# I want to buy a processor need some advice.



## stifmeister (Jul 30, 2014)

Hi I want to buy a av processor or pre amp for my home theater. I have a 5:1 system. My speakers is revel performa3 and power amp is from mark Levinson and sub woofer is from paradigm sub 15. My choice is classe ssp-800, anthem d2v, krell foundation and krell1200u. But none of the system has 4k video processing. Will there be any updates. Please need some advice which one should I buy. Thanks


----------



## Peter Loeser (Aug 11, 2012)

Marantz AV7701, Arcam AVR750, and Yamaha CX-A5000 all have 4K video processing. Anthem MRX series supports 4K and has pre-amp outputs. Emotiva XMC-1 (though not yet available) specifies 4K support as well.


----------



## stifmeister (Jul 30, 2014)

But which one is better in terms in terms of surround sound quality. 
1. Classe SSP-800
2. Mcintosh 151x 
3 Anthem d2v
3. Krell Foundation 
4 . Krell 1200u


----------



## Peter Loeser (Aug 11, 2012)

I can only speak for myself, but I suspect it would be extremely difficult to detect any significant difference in sound quality between the processors you mention. It would be a challenge to find someone who has heard them all in the same environment too. If budget is no issue, I would recommend choosing the one that has the features you want and enough power to comfortably drive your speakers at the desired volume.

edit: amp power is not even an issue in this case, so go for the one with the features you need. Or pick the one that looks the coolest with the rest of your gear. :T


----------



## vidiot33 (Dec 12, 2013)

The reviews on the Krell are very positive. If I had the means, I'd get that one. 4k is really not something to be concerned about at this point in time. Content is likely years away.


----------



## stifmeister (Jul 30, 2014)

Thanks for the reply


----------



## Andre (Feb 15, 2010)

Give a choice I would go with the Krell foundation


----------



## mvision7m (Feb 9, 2013)

I'd very likely be happy with either unit you've listed. 

If room correction is high on the list of priorities, I'd go with the Anthem. 

Although I think they're all in the same league in terms of overall sound quality, if 2 channel music is high(er or est) on your list of priorities, the Krell and Classé may be more well suited to your needs but you simply can't go wrong with either product in my opinion.


----------



## rhale64 (Jul 9, 2013)

I know I am a little late to the party here but just wanted to let you know that the Foundation is getting the 4k upgrade here very shortly if you haven't chose a processor yet.
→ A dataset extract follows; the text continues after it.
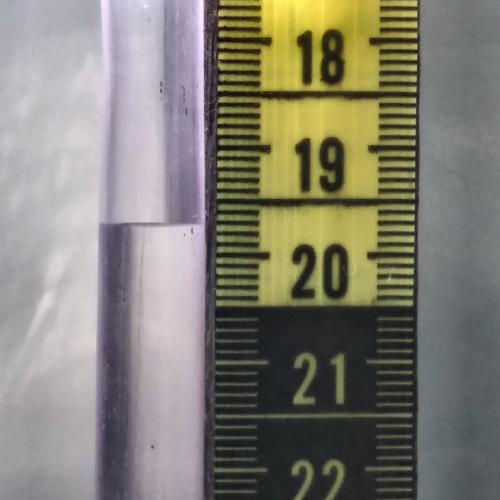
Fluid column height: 19.7 cm
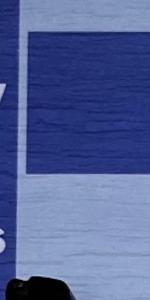
Label: Empty

I own a Foundation and it is a sweet sounding piece of equipment.


----------



## Krelldog (Oct 12, 2009)

rhale64 said:


> I know I am a little late to the party here but just wanted to let you know that the Foundation is getting the 4k upgrade here very shortly if you haven't chose a processor yet.
> 
> I own a Foundation and it is a sweet sounding piece of equipment.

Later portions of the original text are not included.